In the United States, which Brooks pronounced “an astonishingly non-anti-Semitic place,” nonetheless there is rising tide of anti-Semitism, especially on college campuses, with its basis seemingly in Israel’s policies toward Palestinians in Gaza and the West Bank. But why the policies of Israel should reflect on Jews in America any more than policies in Ireland reflected on the Irish in Boston, or the discriminatory and shameful treatment of Japanese Americans interned during World War II should have ensued, is simply bigotry. And anti-Semitism is a particularly virulent form of bigotry whose dark underside is hatred leading to violence and even extinction.

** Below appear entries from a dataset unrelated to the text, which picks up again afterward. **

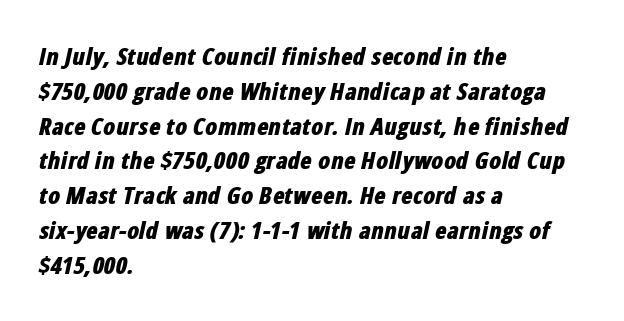
The lines are quadded left. Does the leading feel generous? No, just average. There is no visible air inserted between adjacent glyphs. Quick note: underline off. The lettering tilts uniformly, giving the passage an italic look.
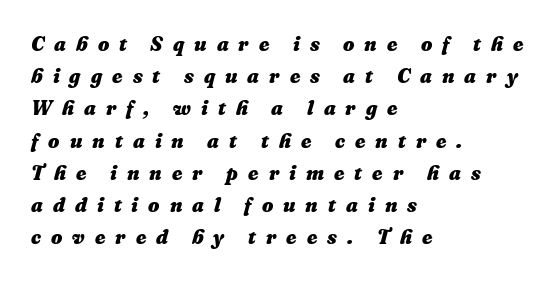
Q: Is the text bold? A: Yes.
Q: Is the text italic (slanted)? A: Yes, it leans right by about 16 degrees.
Q: Is the text underlined? A: No.
Q: How is the paragraph aligned? A: Left-aligned.
Q: Is the spacing between letters normal or unusually wide? A: Unusually wide.
Q: Is the spacing between lines tight, normal or loose? A: Normal.
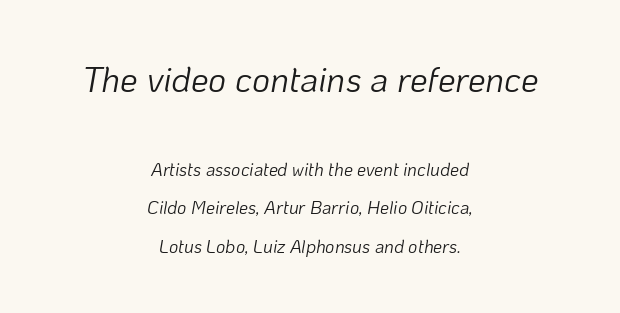
{"italic": "yes", "lean": "right", "slant_degrees": 10, "bold": "no", "weight": "light", "width": "normal", "stroke_contrast": "low", "x_height": "medium", "monospaced": "no", "underline": "no", "align": "center", "line_spacing": "loose", "line_spacing_ratio": 2.12, "letter_spacing": "normal", "letter_spacing_em": 0.0, "larger_block": "first", "size_ratio": 1.94, "glyph_px": 35}
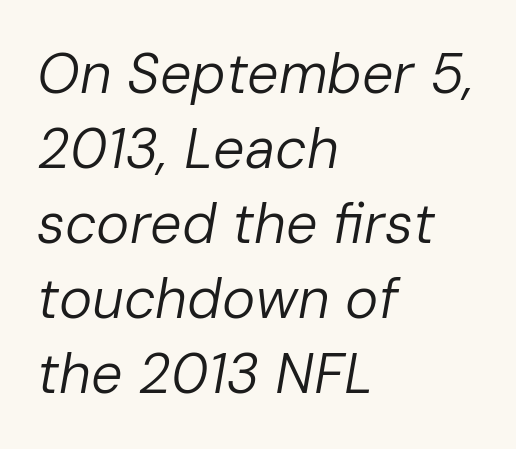
{"italic": "yes", "lean": "right", "slant_degrees": 10, "bold": "no", "weight": "regular", "width": "normal", "stroke_contrast": "low", "x_height": "medium", "monospaced": "no", "underline": "no", "align": "left", "line_spacing": "normal", "line_spacing_ratio": 1.34, "letter_spacing": "normal", "letter_spacing_em": 0.0, "glyph_px": 56}
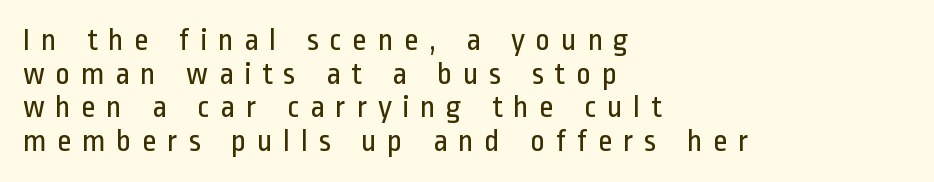
The image shows 32 px regular-weight, condensed sans-serif type, upright; set left-aligned, tight line spacing (1.05x), unusually wide letter spacing (+0.32 em), not underlined; low stroke contrast and a medium x-height.
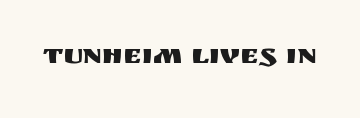
The image shows 28 px sans-serif type, upright; set normal letter spacing, not underlined; medium stroke contrast and a large x-height.
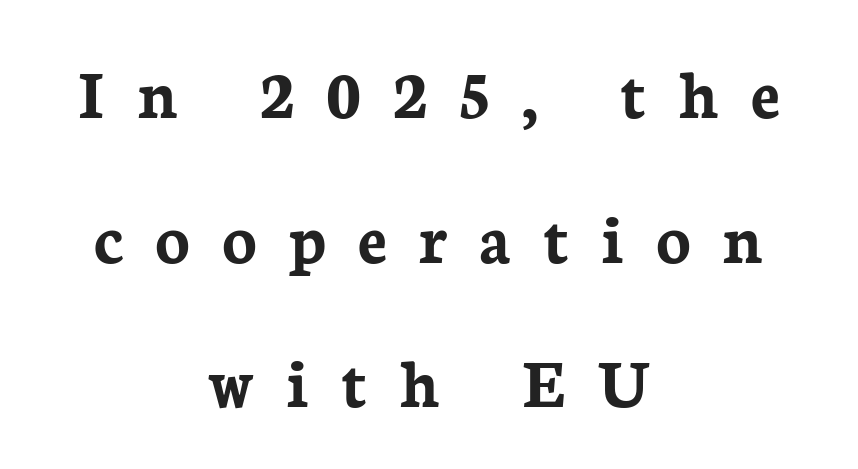
{"serif": "yes", "italic": "no", "bold": "yes", "weight": "semibold", "width": "normal", "stroke_contrast": "low", "x_height": "medium", "monospaced": "no", "underline": "no", "align": "center", "line_spacing": "loose", "line_spacing_ratio": 2.01, "letter_spacing": "wide", "letter_spacing_em": 0.44, "glyph_px": 72}
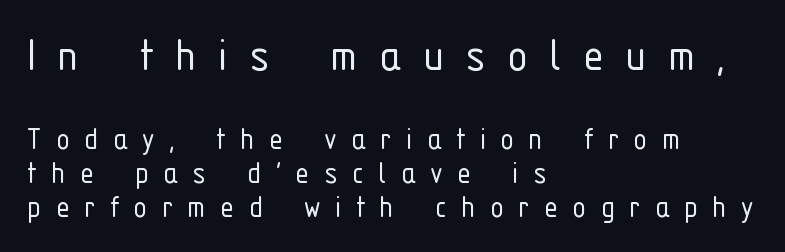
Reading top to bottom, the characters get smaller at the block break. This is the regular roman posture of the typeface. Check the space under the baseline: it is left empty. Weight class: somewhere from thin through regular. Tightly led — the rows are bunched.

History is filled with brutal examples including the pogroms, which preceded the First Crusade in 1096; the expulsion from England in 1290; the persecutions of the Spanish Inquisition and expulsion from Spain in 1492; the Cossack massacres in Ukraine, 1648-57; the pogroms in Imperial Russia between 1821-1906; the Dreyfus affair in France, 1894-1906; and the more recent horrors of the 20th century, just for a historical overview. It’s an evil virus that sometimes hides but does not die.

Brooks suggested that the best response is confrontation, arousing the “brave and decent people” to take “a page from Gandhi” and stage demonstrations, as laws and governments reign in even the smallest assaults.

“Disturb the consciences of the good people. … Confrontational nonviolence is the historically proven method to isolate and delegitimize social evil.” Is that enough?

We seem to have conquered or, at least, mitigated the virus causing AIDS. Perhaps against this form of racism, we can together do the same?